What is Big Data - Techno Brigade

The latest technology news and information

Breaking

Post Top Ad

Wednesday 6 September 2017

What is Big Data



Big data is a term for data sets that are so large  that traditional data processing application software is unable to deal with them. Big data challenges include getting data, data storage, data analysis, search, sharing, transfer, querying, updating and information privacy.

RDBMS ( Relational database management systems ) and desktop statistics- and visualisation-packages often have difficulty handling big data. The work may require "big software running on lots of servers". What counts as "big data" varies depending on the capabilities of the users and their tools, and expanding capabilities make big data a moving target. "For some organisations, facing lots of gigabytes of data for the first time may trigger a need to reconsider data management options. For others, it may take tens or hundreds of terabytes before data size becomes a significant consideration."

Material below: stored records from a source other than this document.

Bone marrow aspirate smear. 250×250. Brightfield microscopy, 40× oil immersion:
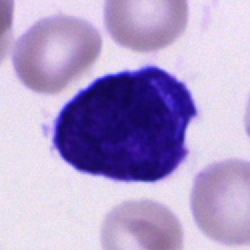
Morphology → cell of indeterminate lineage.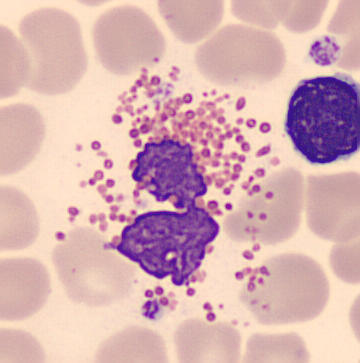 Morphology → eosinophil.

Acquisition: Peripheral blood smear; CellaVision DM96 digital cell image; single cell centered in the field.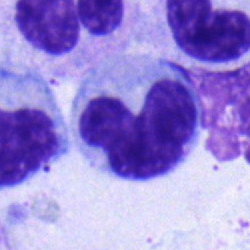

Showing a monocyte.
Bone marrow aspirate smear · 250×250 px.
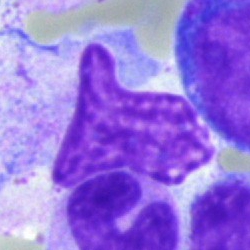 Artefact.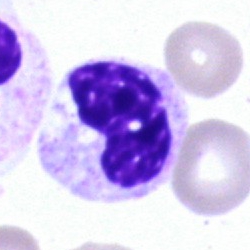
{"cell_type": "neutrophil (band)", "lineage": "myeloid"}
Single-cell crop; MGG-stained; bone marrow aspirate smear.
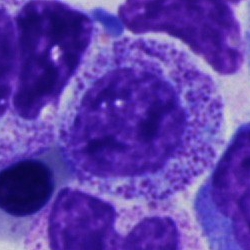

Morphology — myelocyte.
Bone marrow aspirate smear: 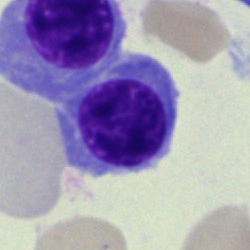
Specimen: bone marrow smear.
Morphological class: normoblast.
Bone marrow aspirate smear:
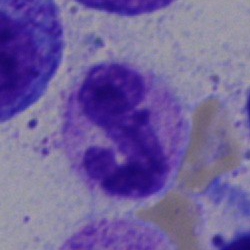

The cell type is segmented neutrophil.
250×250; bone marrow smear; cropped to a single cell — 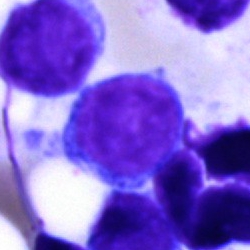 Specimen: bone marrow aspirate smear.
Classification: typical lymphocyte.
Lineage: lymphoid.
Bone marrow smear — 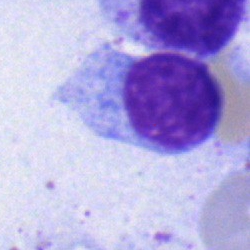 Morphology — lymphocyte.
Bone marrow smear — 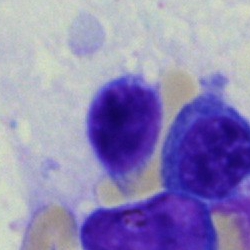 Classification — typical lymphocyte.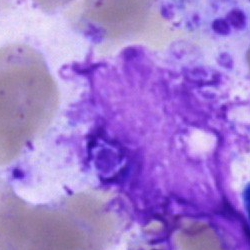
Cell type = artifact.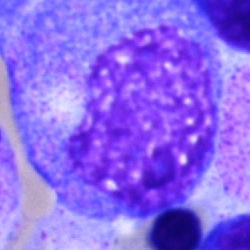

The morphological class is progranulocyte.
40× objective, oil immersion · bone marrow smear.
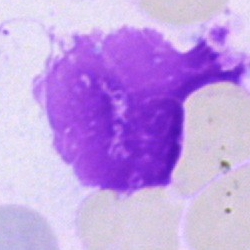
Specimen: bone marrow smear.
Morphological class: artifact.
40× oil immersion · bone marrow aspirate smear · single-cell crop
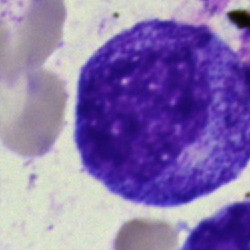 Single cell identified as a progranulocyte.
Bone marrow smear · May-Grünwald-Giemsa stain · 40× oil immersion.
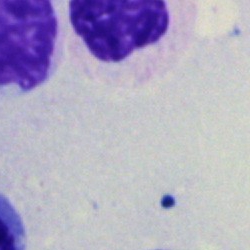

Showing a nucleated red blood cell.
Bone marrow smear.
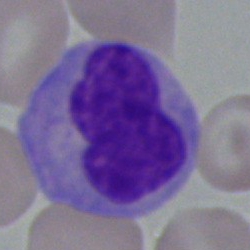

Showing a monocyte.
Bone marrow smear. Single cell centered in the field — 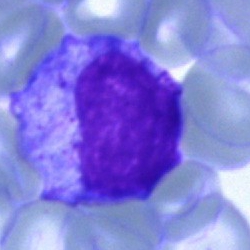
Q: Which cell type is shown here?
A: Progranulocyte.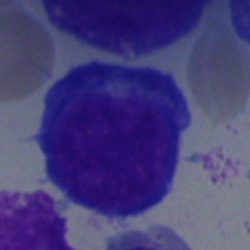 Q: What is the morphological classification of this cell?
A: Pronormoblast.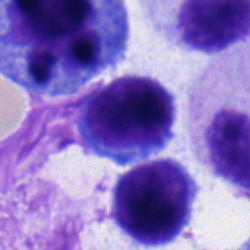

Classification = lymphocyte.
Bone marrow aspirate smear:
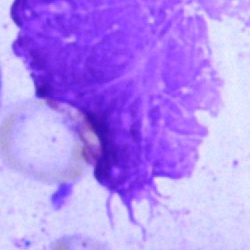 {"cell_type": "artifact"}
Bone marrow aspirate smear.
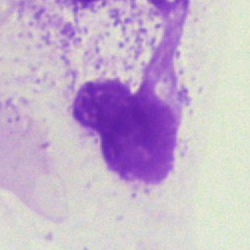Morphological class: artefact.
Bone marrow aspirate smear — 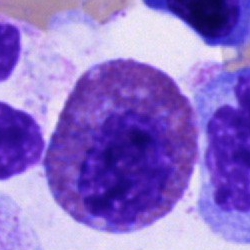

Q: What is shown here?
A: Eosinophilic granulocyte.
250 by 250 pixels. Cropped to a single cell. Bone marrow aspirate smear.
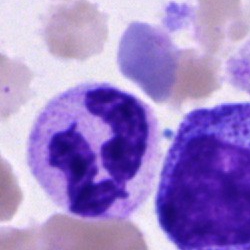 {"cell_type": "segmented neutrophil", "lineage": "myeloid"}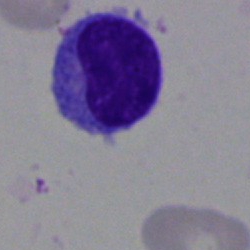
Impression → typical lymphocyte.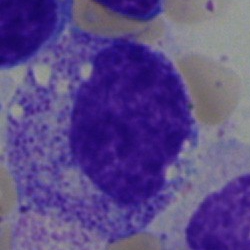 Classification: myelocyte.
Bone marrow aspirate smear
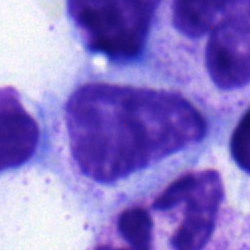

A myelocyte.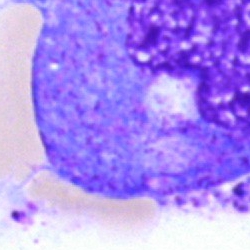Specimen: bone marrow aspirate smear.
Morphological class: monocyte.
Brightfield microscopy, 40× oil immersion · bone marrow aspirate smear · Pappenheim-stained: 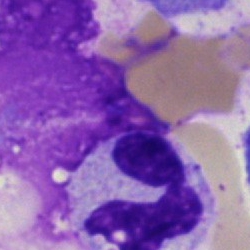{"cell_type": "polymorphonuclear neutrophil", "lineage": "myeloid"}
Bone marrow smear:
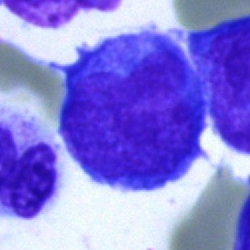Blast cell.
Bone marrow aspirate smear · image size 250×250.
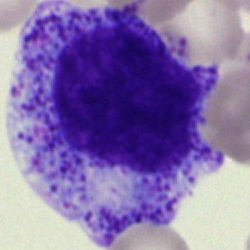 Cell = progranulocyte.
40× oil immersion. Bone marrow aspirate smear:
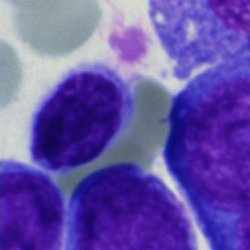
The cell shown is a typical lymphocyte.
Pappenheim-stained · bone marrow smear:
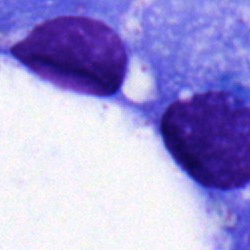
Cell — plasmacyte.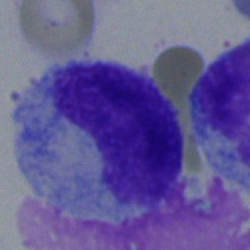Classification — metamyelocyte.
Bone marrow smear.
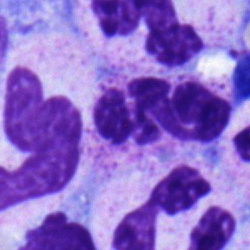
Showing a polymorphonuclear neutrophil.
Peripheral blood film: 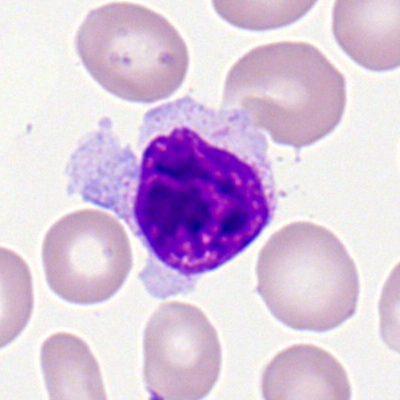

(Why AngularJs is best Javascript framework for front end development?)

Characteristics

Big data can be described by the following characteristics:-
Volume
The amount of generated and stored data. The size of the data determines the value and potential insight- and whether it can actually be considered big data or not.
Variety
The type and nature of the data. This helps people who analyse it to effectively use the resulting insight.
Velocity
 the speed at which the data is generated and processed to meet the demands 
Variability
Inconsistency of the data set can hamper processes to handle and manage it.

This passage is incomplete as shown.